W sumie jakby te suknie były szyte w Hiszpanii, to pewnie kosztowałyby tyle ile np suknie Zienia.

Mało co nie jest teraz z Chin.

inkageo

Z hiszpańskich tylko Villais podobno szyje w Europie. A Pronovias 90% w Chinach (w tym podobno wszystkie koronkowe) i 10% w Hiszpanii (tych mniej pracochłonnych), tak mi powiedziano we Flossmannie.
Projektowanie i szycie sukni to dla mnie sztuka, a nie każda krawcowa jest artystką i jest w stanie zastąpić sztab ludzi, którzy pracują nad projektem, wykrojem, doborem materiałów. W takich koncernach samo wykonanie to już pestka ;) Suknie z Chin płyną do Hiszpanii gdzie przechodzą kontrolę jakości, na papierowych metkach jest później numer kontrolny i informacja o odbytej kontroli.
Imagine there is no hate

zuzia

Inka wie co mówi. np. Herm's nie ma przed nią tajemnic :)

spragnienie

#15
inkageo I'm impressed  lol
to chyba jest szansa, ze moja jest szyta w Hiszp. bo nie jest koronkowa, tylko muślinowa i raczej nieskomplikowana  ;)
a tak naprawdę to mi to nie robi różnicy - i tak pewnie biegam w chinskich/tajwanskich butach  i chinskiej koszulce hehe

ważne dla mnie, ze material jest z bliska piękny (w porównaniu z sukniami innych firm, które przymierzyłam, choć nie było ich dużo) ,suknia dobrze leży i spełnia moje oczekiwania :)
w salonie flossmana widzialam suknie szyta przez nich na wzór pronovias dla kogos (b. prosty wzór, ale piękny) - cena pronovias 3.500 , ich 2600 , różnica niestety widoczna :(


buty nike czy inny adidas też robia w chinach za dolara, a my kupujemy za 300zł  i nikt nie rozdziera szat - wszystko jest warte tyle, ile kupiec chce zapłacić ;)

elve

na allegro można znaleźć sporo zdjęć sukni na wzór

a na gazecie sporo wątków nt problemów z krawcową

takie życie, chcesz pronovias to płać :P

gosialand

co to za gazeta czy jakiś wątek gazetowy, bo ja dziewczyny nowa tu.
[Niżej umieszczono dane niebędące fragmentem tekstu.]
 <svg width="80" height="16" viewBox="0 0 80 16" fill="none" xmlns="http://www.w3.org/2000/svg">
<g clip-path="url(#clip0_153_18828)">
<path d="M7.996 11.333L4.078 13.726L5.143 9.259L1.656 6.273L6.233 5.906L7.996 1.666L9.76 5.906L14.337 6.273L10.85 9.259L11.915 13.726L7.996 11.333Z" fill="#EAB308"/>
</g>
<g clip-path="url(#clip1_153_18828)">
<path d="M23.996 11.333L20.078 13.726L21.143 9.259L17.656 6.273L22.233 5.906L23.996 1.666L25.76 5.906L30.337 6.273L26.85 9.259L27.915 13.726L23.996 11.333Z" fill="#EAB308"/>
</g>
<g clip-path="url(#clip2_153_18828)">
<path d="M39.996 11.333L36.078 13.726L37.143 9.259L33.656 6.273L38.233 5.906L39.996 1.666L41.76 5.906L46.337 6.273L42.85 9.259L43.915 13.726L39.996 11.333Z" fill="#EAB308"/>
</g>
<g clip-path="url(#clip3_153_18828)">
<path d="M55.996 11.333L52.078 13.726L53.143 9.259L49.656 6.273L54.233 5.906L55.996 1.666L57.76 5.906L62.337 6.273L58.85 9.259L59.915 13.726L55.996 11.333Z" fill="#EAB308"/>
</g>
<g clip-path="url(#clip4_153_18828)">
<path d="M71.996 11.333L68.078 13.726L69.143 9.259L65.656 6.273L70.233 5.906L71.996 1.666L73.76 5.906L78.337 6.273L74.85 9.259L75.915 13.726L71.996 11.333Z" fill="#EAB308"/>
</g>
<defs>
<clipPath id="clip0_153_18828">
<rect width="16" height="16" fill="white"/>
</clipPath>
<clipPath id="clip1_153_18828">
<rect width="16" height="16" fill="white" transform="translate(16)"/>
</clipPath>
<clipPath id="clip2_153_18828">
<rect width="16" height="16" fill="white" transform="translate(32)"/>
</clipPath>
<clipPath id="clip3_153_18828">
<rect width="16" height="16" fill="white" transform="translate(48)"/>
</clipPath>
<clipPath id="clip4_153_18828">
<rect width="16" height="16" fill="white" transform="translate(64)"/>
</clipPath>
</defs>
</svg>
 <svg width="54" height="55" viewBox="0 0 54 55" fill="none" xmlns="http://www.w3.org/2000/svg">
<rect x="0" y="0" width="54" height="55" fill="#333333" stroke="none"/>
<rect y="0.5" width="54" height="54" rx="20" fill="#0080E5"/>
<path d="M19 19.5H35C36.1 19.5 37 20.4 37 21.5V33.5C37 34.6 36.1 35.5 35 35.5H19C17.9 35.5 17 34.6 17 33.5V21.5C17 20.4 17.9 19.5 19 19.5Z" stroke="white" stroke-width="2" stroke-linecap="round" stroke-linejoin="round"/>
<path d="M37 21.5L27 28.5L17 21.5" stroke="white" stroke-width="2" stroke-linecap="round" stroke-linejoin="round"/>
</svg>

Dajcie jakiegoś linka na ten wątek gazetowy  :thx: :thx: :thx:

Monika

gosialand to forum przeniosło się z forum ślub i wesele na stronie gazety wyborczej - dlatego wątek gazetowy ;) 
a o ten wątek chyba dziewczynom chodzi:
http://forum.gazeta.pl/forum/72,2.html?f=619&w=64081772&a=64081772

gosialand

Dzieki Monika  :thx: :thx: :thx: no to polewam  :drunk: :D

magdalinska

dokładnie - "gazeta" to forum gazety wyborczej -  "podforum" "Ślub i wesele "  http://forum.gazeta.pl/forum/71,1.html?f=619
jakis rok temu siedzialysmy tam, ale po zmianie moderatora nastapil bunt, pojawił sie pomysl zalozenia swojego forum i  zwierzak jako jedyna znala sie na rzeczy i zalozyla stefe :) wiec przenioslysmy sie tu. W miare uplywu czasu forum sie rozrastalo, coraz wiecej uzytkownikow, watkow, ze strefy slubnej zrobila sie strefa zycia :)

elve

magdalinska to było piękne :-)

tylko tęskno mi czasem ze kłotniami i rzucaniem mięsem :-P

gosialand

Cytat: magdalinska w 13 Cze 2008, 22:18:01
dokładnie - "gazeta" to forum gazety wyborczej -  "podforum" "Ślub i wesele "  http://forum.gazeta.pl/forum/71,1.html?f=619
jakis rok temu siedzialysmy tam, ale po zmianie moderatora nastapil bunt, pojawił sie pomysl zalozenia swojego forum i  zwierzak jako jedyna znala sie na rzeczy i zalozyla stefe :) wiec przenioslysmy sie tu. W miare uplywu czasu forum sie rozrastalo, coraz wiecej uzytkownikow, watkow, ze strefy slubnej zrobila sie strefa zycia :)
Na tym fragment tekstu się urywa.